[[ SOURCE RECORDS open ]]
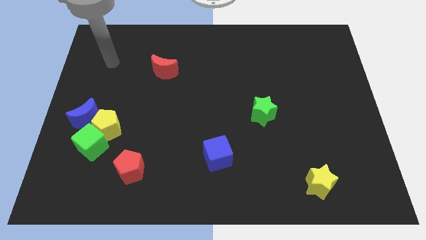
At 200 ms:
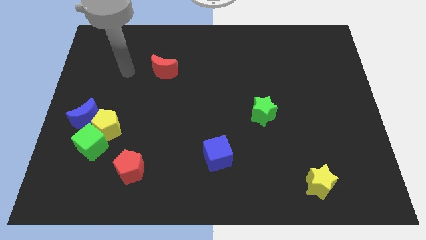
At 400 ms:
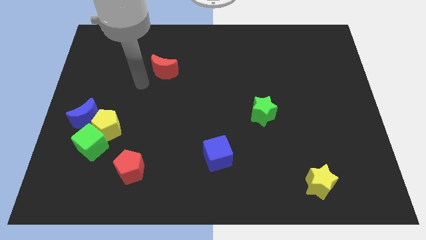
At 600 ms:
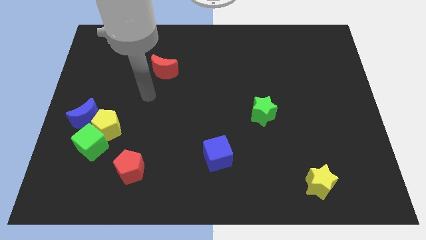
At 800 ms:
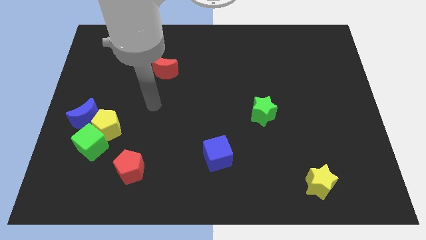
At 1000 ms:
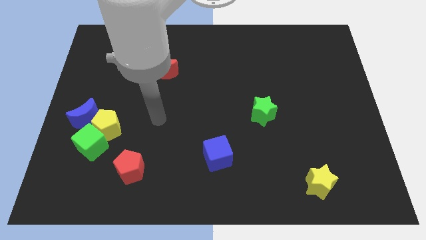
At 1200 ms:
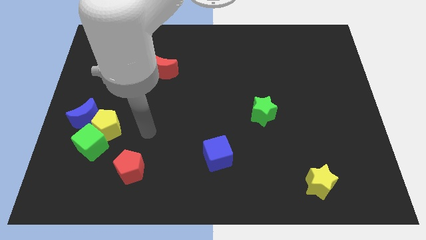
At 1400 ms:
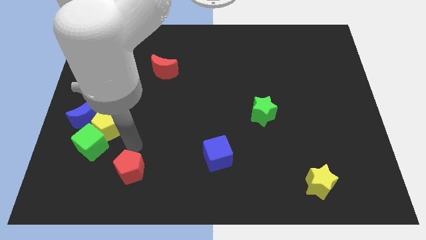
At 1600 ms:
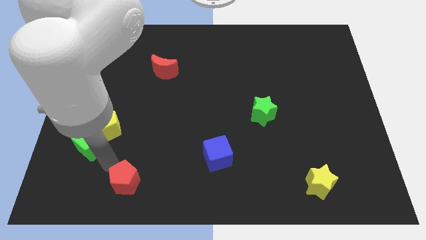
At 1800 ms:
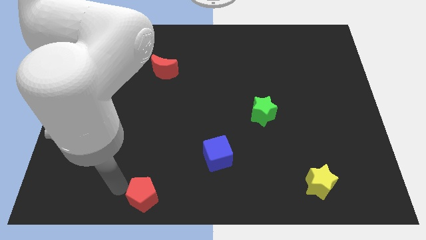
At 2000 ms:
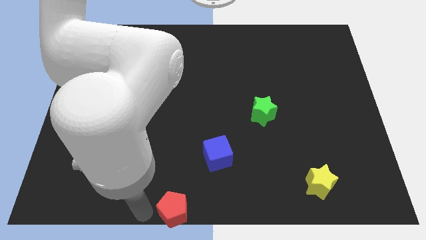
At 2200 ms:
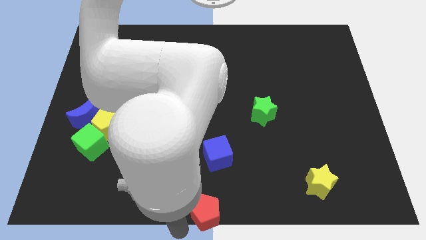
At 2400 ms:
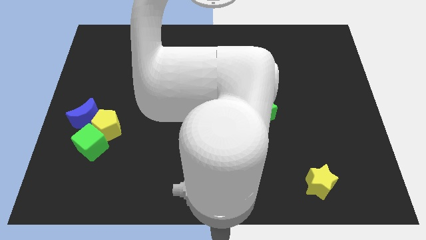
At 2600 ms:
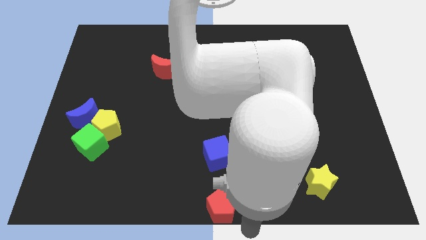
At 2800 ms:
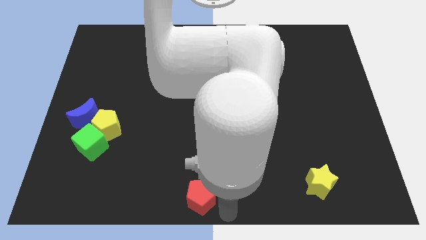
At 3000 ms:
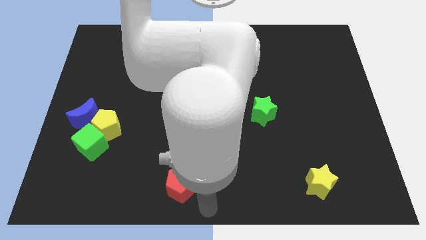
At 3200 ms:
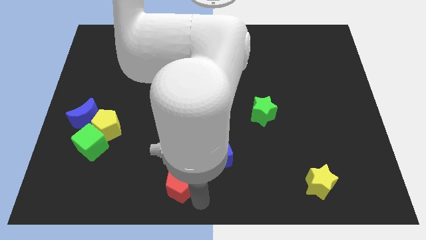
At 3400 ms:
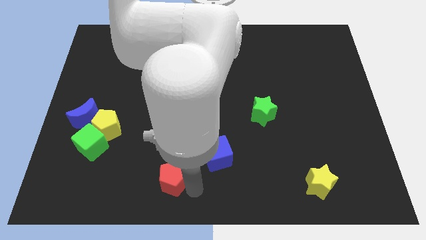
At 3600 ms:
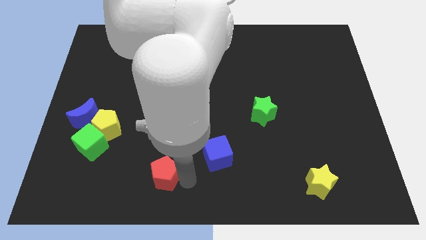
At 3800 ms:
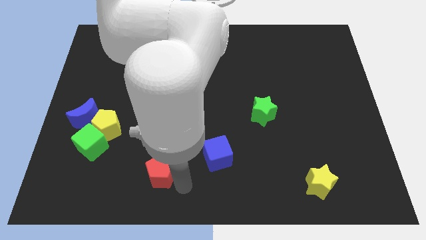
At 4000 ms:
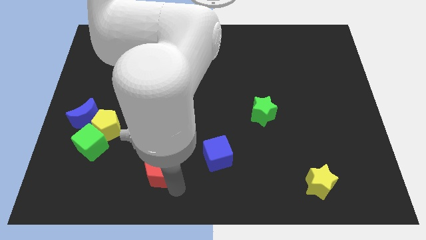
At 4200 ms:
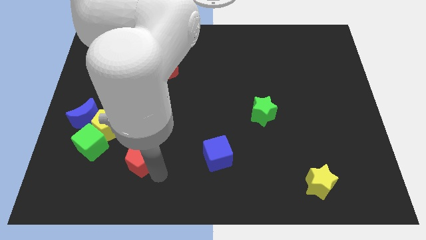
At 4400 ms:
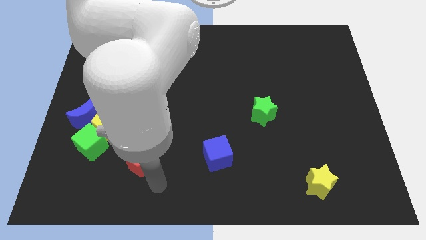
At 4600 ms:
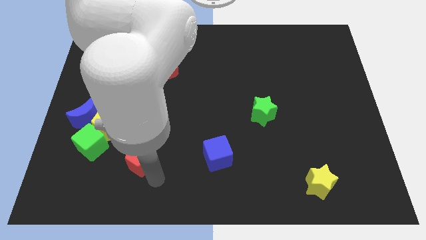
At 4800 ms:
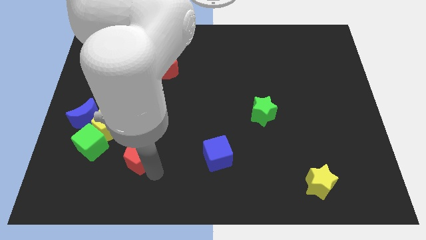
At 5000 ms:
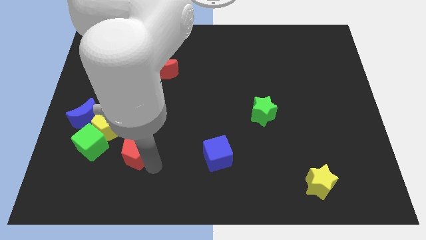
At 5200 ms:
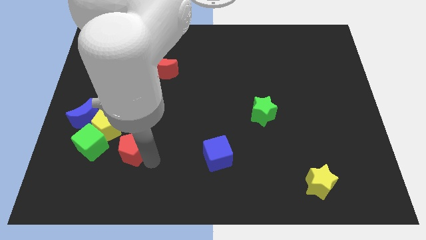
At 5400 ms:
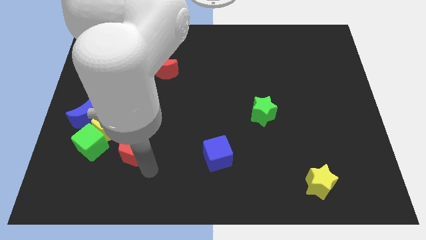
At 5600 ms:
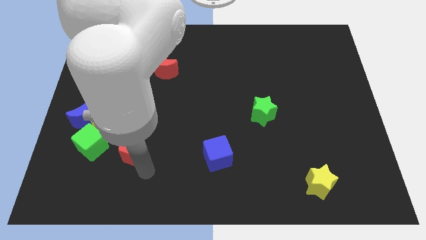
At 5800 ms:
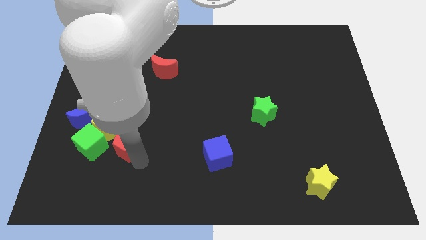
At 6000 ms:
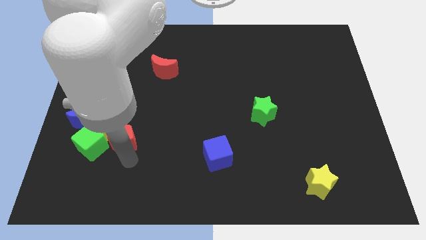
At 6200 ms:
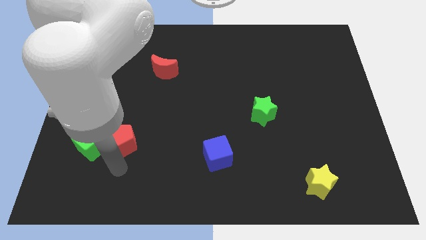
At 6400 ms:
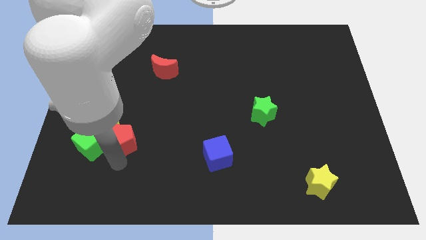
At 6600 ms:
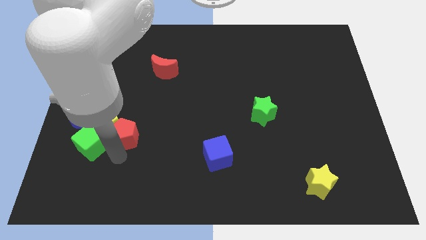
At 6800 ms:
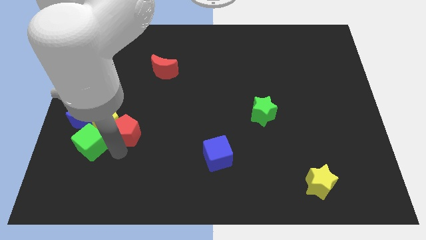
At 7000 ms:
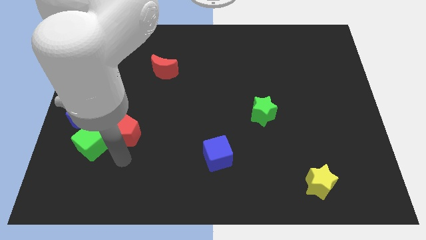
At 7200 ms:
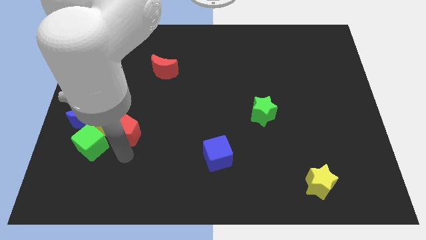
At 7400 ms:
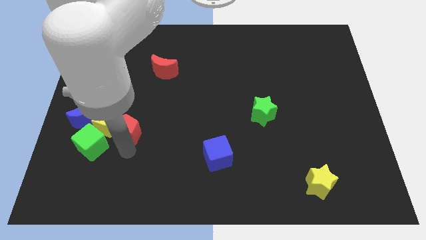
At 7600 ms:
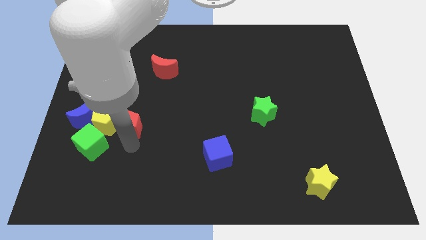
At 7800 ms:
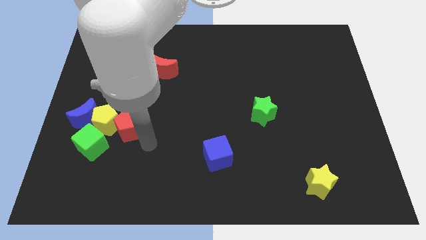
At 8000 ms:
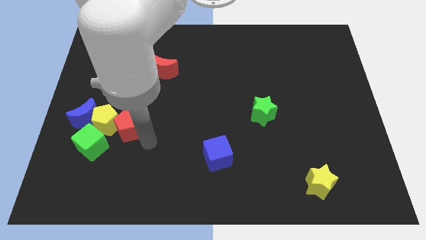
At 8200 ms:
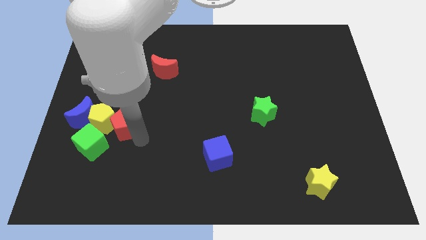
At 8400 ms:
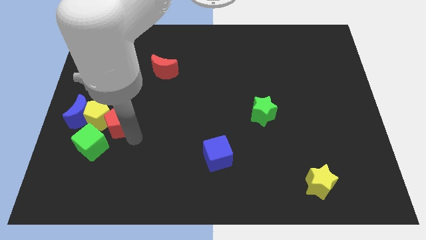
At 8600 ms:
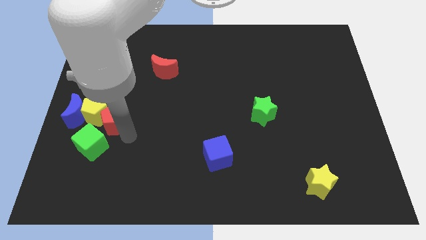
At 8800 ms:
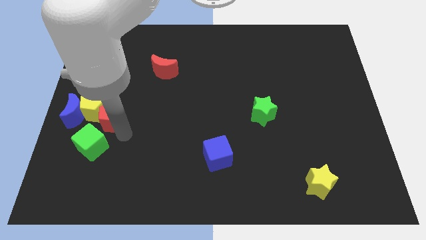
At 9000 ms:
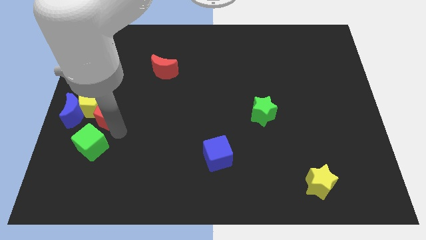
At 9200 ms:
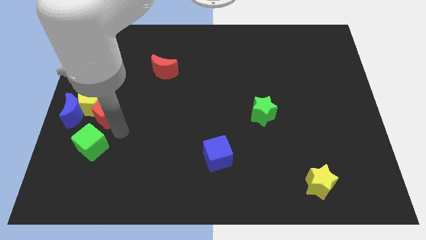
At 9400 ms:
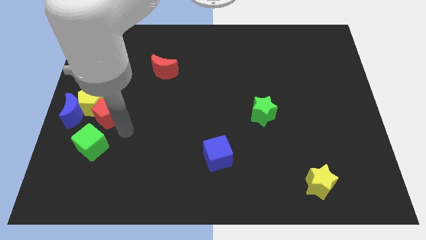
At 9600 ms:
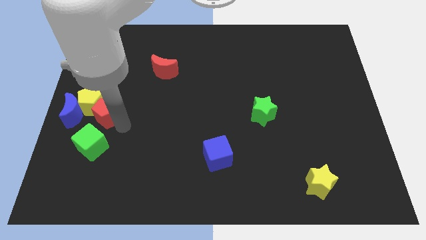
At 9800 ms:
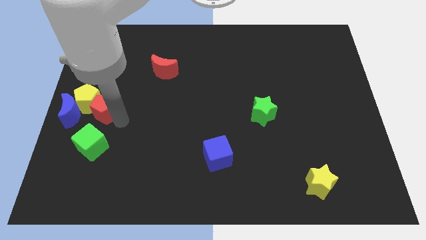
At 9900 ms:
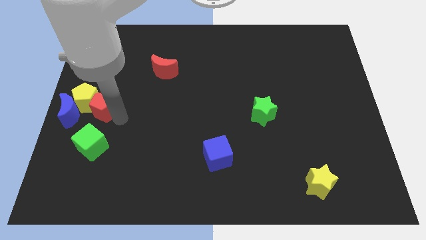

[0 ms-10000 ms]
put the red pentagon to the left side

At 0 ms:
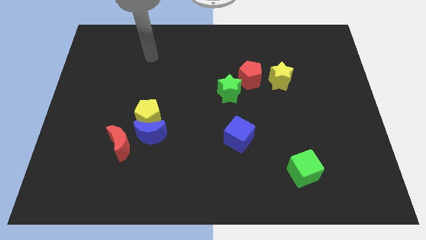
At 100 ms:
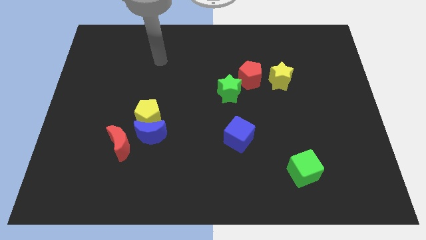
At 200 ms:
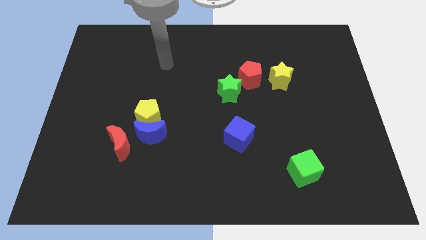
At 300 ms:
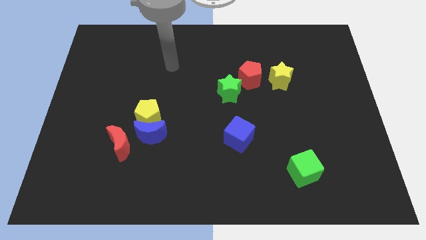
[[ SOURCE RECORDS closed ]]
• YOUR TASK
Return the full set of lines above word for word and with no pictures.

• WORKED SOLUTION
At 200 ms:
At 400 ms:
At 600 ms:
At 800 ms:
At 1000 ms:
At 1200 ms:
At 1400 ms:
At 1600 ms:
At 1800 ms:
At 2000 ms:
At 2200 ms:
At 2400 ms:
At 2600 ms:
At 2800 ms:
At 3000 ms:
At 3200 ms:
At 3400 ms:
At 3600 ms:
At 3800 ms:
At 4000 ms:
At 4200 ms:
At 4400 ms:
At 4600 ms:
At 4800 ms:
At 5000 ms:
At 5200 ms:
At 5400 ms:
At 5600 ms:
At 5800 ms:
At 6000 ms:
At 6200 ms:
At 6400 ms:
At 6600 ms:
At 6800 ms:
At 7000 ms:
At 7200 ms:
At 7400 ms:
At 7600 ms:
At 7800 ms:
At 8000 ms:
At 8200 ms:
At 8400 ms:
At 8600 ms:
At 8800 ms:
At 9000 ms:
At 9200 ms:
At 9400 ms:
At 9600 ms:
At 9800 ms:
At 9900 ms:

[0 ms-10000 ms]
put the red pentagon to the left side

At 0 ms:
At 100 ms:
At 200 ms:
At 300 ms:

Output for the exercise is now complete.